Current scenario in India
The official reserves account (ORA) records the total reserves held by the official monetary authorities (central banks) within the country. These reserves are normally composed of the major currencies used in international trade and financial transactions. The reserves consist of “hard” currencies (such as US dollar, British Pound, Euro, Yen), official gold reserve and IMF Special Drawing Rights (SDR). The reserves are held by central banks to cushion against instability in international markets. The level of reserves changes because of the central bank’s intervention in the foreign exchange markets. Countries that try to control the price of their currency (set the exchange rate) have large net changes in their Official Reserve Accounts. In general, a net decrease in the Official Reserve Account indicates that a country is buying its currency in exchange for foreign exchange reserves, to try to keep the value of the domestic currency high with respect to foreign currencies. Countries with net increases in the Official Reserve Account are usually attempting to keep the price of the domestic currency cheap relative to foreign currencies, by selling their currencies and buying the foreign exchange reserves. When a central bank sells its reserves (foreign currencies) for the domestic currency in the foreign exchange market, it is a credit item in the balance of payment accounts as it makes available foreign currencies. Similarly, when a central bank buys reserves (foreign currency), it is a debit item in the balance of payment accounts.

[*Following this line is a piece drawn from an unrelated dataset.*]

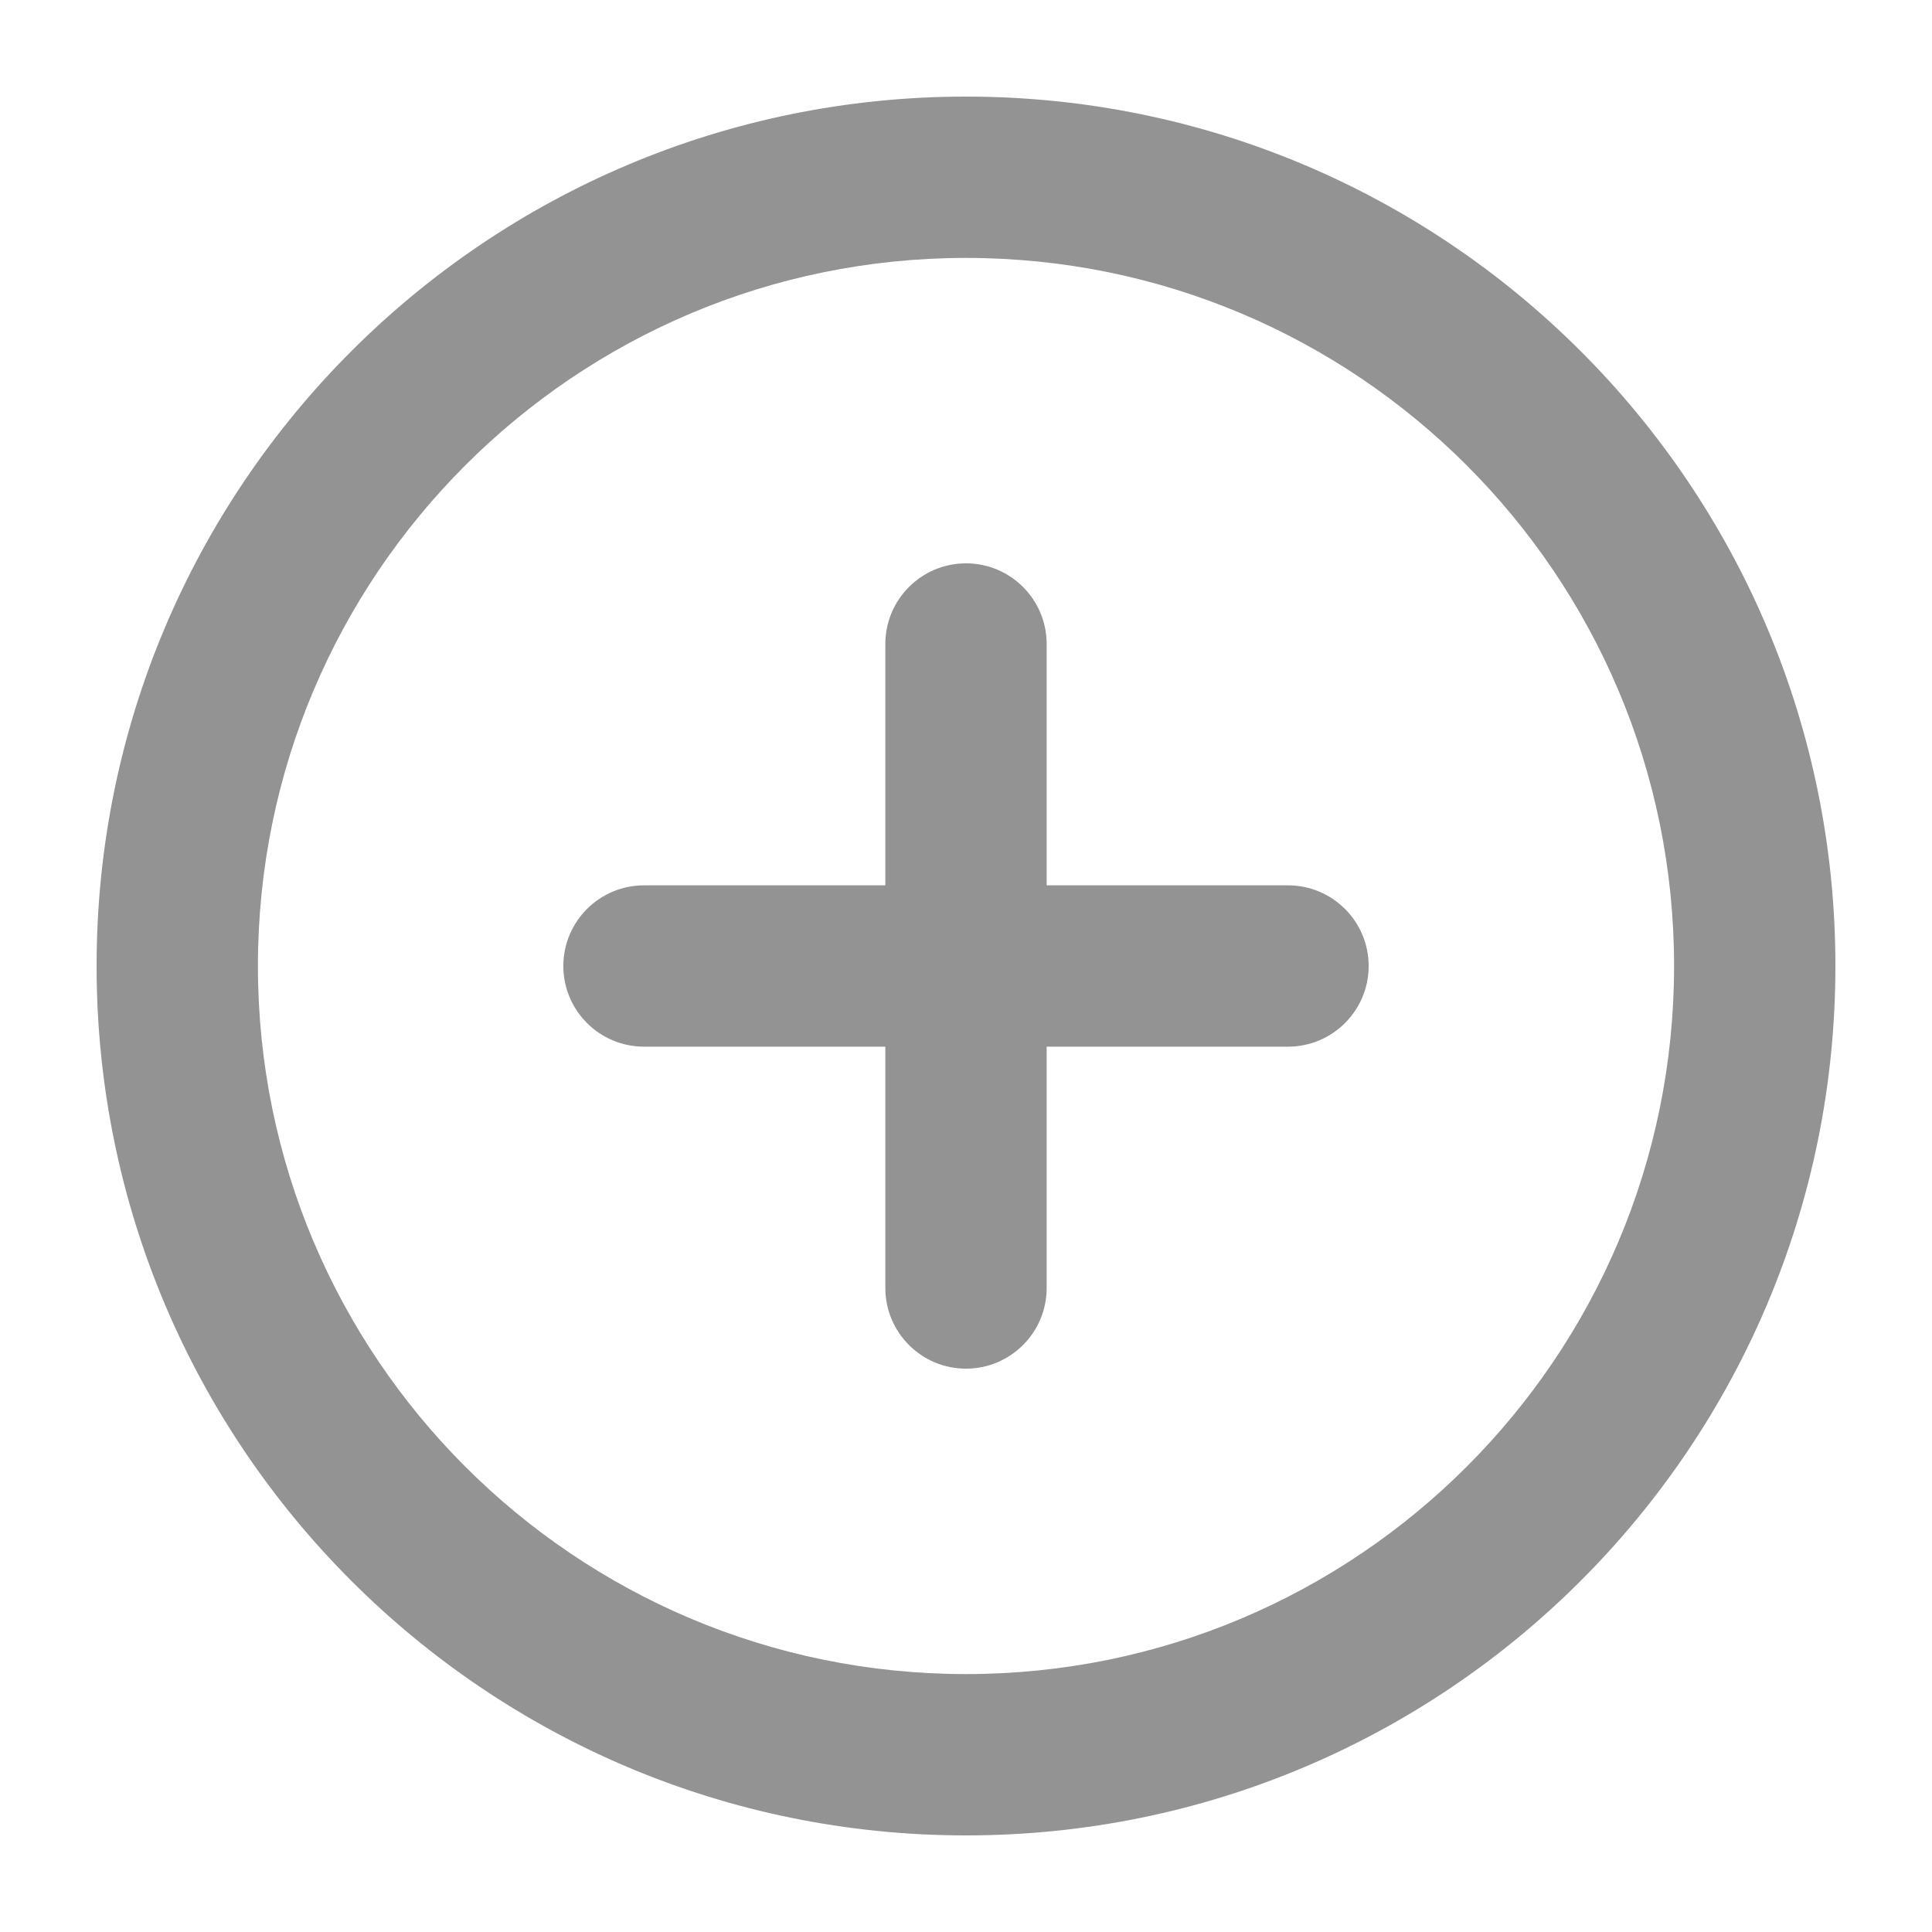 <svg width="24" height="24" viewBox="0 0 24 24" fill="none" xmlns="http://www.w3.org/2000/svg">
<path fill-rule="evenodd" clip-rule="evenodd" d="M12 20.796C16.858 20.796 20.796 16.858 20.796 12C20.796 7.142 16.858 3.204 12 3.204C7.142 3.204 3.204 7.142 3.204 12C3.204 16.858 7.142 20.796 12 20.796ZM22.8 12C22.8 17.965 17.965 22.8 12 22.8C6.036 22.8 1.2 17.965 1.2 12C1.2 6.035 6.036 1.2 12 1.2C17.965 1.2 22.8 6.035 22.8 12Z" fill="#939393"/>
<path fill-rule="evenodd" clip-rule="evenodd" d="M12 6.998C12.553 6.998 13.002 7.447 13.002 8V16C13.002 16.553 12.553 17.002 12 17.002C11.447 17.002 10.998 16.553 10.998 16V8C10.998 7.447 11.447 6.998 12 6.998Z" fill="#939393"/>
<path fill-rule="evenodd" clip-rule="evenodd" d="M6.998 12C6.998 11.447 7.447 10.998 8 10.998H16C16.553 10.998 17.002 11.447 17.002 12C17.002 12.553 16.553 13.002 16 13.002H8C7.447 13.002 6.998 12.553 6.998 12Z" fill="#939393"/>
</svg>

The Balance of Payments identity states that: Current Account + Capital Account = Change in Official Reserve Account. If a country runs a current account deficit and it does not run down its official reserve to cover this deficit (there is no change in official reserve), then the current account deficit must be balanced by a capital account surplus. Typically, in countries with floating exchange rate system, the change in official reserves in a given year is small relative to the Current Account and the Capital Account. Therefore, it can be approximated by zero. Thus, such a country can only consume more than it produces (or imports are greater than exports; a current account deficit) only if it has a capital account surplus (foreign residents are willing to invest in the country). Even in a fixed exchange rate system, the size of the official reserve account is small compared to the transactions in the current and capital account. Thus the residents of a country cannot have a current account deficit (imports exceeding exports) unless the foreigners are willing to invest in that country (capital account surplus).